Oh, Canada, based on the novel Foregone by Schrader’s previous collaborator and late personal friend Russell Banks, is a prismatic tour through the tortured memory of an ailing Vietnam War draft-dodger. Schrader’s one-time American Gigolo star Richard Gere portrays the protagonist, Leonard Fife, in old age; a moustachioed, occasionally jock-strapped Jacob Elordi assumes the role in flashbacks. As Leonard commandeers a former student’s tribute video for his final confession, his personage unravels in a stream of guilty consciousness, the purging of a soul weighted with a lifetime of infidelity, cowardice and sin.
The details of Schrader’s biography are often recited for how cleanly they map onto his creative sensibility: out of a strictly ascetic Calvinist upbringing, he heeded the call from the great Pauline Kael to become a film critic, later authoring the essential film-theory tome Transcendental Style in Film in part as a statement of artistic purpose. He went on to write the script for Taxi Driver that won Martin Scorsese the Palme d’Or, soon afterward taking the director’s chair himself, launching a half-century career consistent in its uncompromising view of human imperfection. Schrader spent years alternately struggling and thriving under addiction, and while his work ethic hasn’t slowed a bit, he’s eased into an elder-statesman role in which he issues his proclamations in the form of rough-edged Facebook posts giving studio PR reps regular conniptions. (From March of this year: “Will Dune 3 be made by AI? And, if it is, how will we know?”)

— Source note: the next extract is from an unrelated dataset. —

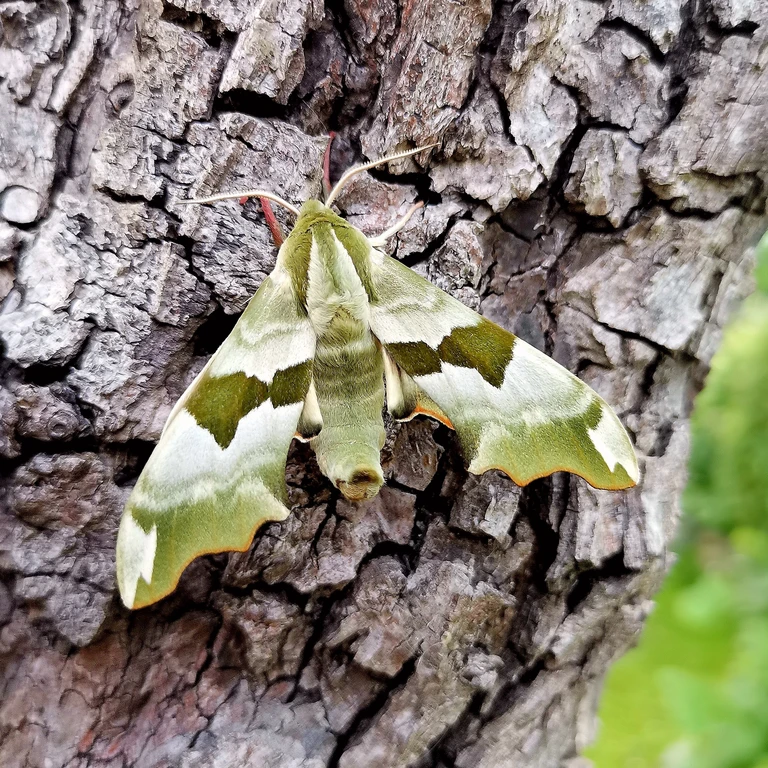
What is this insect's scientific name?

In light of Schrader’s many ups and downs, the personal significance in the story of an aged man looking back to catalogue his transgressions may seem clear-cut. But even though he lives in one of New York’s toniest retirement communities, his wife Mary Beth receiving Alzheimer’s care just downstairs from his apartment, he cultivates a complex relationship to his own mortality neither blithe nor fearful. As he holds court from his usual table at the Coterie Hudson Yards’ penthouse restaurant, his skin a little more weathered compared to when I saw him last, Schrader remains inquisitive, stubborn, irreverent and utterly unconcerned with what anyone else might think of him.
While sharing his thoughts on a Hollywood in shambles, Elordi’s movie star potential, the good ol’ days of porno cinemas, and death in all its forms, Schrader displays a bleak yet undespairing sureness of dark days to come – together with the equal, unbothered certainty that there’s nothing for us to do but get back out there and continue the work.
Discussing Oh, Canada, you’ve mentioned the summers you spent visiting writer Russell Banks upstate at his home in Keene Valley. What were those times like?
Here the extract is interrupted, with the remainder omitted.